◆ **TRY IT**
Lines containing "xmlns": state how many there are in these entries, and write only that number.

◆ **DATA SECTION**
>>>>>
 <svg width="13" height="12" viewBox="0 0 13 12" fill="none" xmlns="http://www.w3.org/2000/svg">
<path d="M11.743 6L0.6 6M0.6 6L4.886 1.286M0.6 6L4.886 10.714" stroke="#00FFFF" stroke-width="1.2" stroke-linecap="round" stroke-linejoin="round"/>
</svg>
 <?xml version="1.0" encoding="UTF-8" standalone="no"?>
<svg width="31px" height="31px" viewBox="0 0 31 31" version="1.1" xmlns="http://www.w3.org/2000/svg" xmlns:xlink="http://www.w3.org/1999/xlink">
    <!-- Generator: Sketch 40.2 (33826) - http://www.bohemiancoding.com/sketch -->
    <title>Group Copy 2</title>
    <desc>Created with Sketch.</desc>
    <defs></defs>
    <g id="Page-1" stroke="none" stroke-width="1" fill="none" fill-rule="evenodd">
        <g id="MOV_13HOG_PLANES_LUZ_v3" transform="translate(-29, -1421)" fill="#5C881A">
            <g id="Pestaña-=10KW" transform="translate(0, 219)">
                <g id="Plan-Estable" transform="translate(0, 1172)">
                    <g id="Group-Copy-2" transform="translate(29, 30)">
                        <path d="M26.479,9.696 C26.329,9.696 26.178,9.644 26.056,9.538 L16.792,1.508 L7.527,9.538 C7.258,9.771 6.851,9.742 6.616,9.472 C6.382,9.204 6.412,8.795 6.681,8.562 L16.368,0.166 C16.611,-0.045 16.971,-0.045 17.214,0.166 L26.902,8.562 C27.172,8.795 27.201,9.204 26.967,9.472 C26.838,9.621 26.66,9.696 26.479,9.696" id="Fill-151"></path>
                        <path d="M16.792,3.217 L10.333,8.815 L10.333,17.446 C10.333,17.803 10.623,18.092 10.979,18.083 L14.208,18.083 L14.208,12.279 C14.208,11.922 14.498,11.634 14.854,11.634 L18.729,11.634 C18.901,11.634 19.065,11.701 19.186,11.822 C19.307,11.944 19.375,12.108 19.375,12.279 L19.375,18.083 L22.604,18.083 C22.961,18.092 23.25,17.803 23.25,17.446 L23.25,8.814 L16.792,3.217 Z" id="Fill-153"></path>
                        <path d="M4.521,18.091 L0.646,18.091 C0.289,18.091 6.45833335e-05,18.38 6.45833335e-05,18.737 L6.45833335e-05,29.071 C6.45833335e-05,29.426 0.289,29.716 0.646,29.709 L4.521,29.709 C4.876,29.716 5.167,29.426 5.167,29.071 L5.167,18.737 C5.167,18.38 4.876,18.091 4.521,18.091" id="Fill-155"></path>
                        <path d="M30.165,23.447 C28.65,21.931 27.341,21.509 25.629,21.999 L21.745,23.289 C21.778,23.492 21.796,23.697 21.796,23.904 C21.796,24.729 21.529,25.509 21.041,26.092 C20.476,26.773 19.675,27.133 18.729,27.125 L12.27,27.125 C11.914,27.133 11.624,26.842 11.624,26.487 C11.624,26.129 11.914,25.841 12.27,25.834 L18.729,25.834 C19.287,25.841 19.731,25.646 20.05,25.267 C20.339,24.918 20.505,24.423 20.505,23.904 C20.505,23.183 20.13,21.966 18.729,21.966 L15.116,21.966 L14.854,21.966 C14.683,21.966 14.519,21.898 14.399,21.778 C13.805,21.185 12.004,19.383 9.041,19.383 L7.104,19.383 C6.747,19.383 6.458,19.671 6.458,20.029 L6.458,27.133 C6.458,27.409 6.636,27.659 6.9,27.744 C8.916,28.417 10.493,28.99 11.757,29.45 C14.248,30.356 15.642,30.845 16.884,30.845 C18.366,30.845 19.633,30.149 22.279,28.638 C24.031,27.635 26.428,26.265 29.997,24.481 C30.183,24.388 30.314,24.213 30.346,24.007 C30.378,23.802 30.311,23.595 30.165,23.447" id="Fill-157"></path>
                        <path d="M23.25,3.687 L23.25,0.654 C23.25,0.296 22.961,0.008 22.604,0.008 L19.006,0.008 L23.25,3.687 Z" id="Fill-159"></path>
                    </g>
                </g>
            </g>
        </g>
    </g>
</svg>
<<<<<
◆ **SOLVED PROBLEM**
2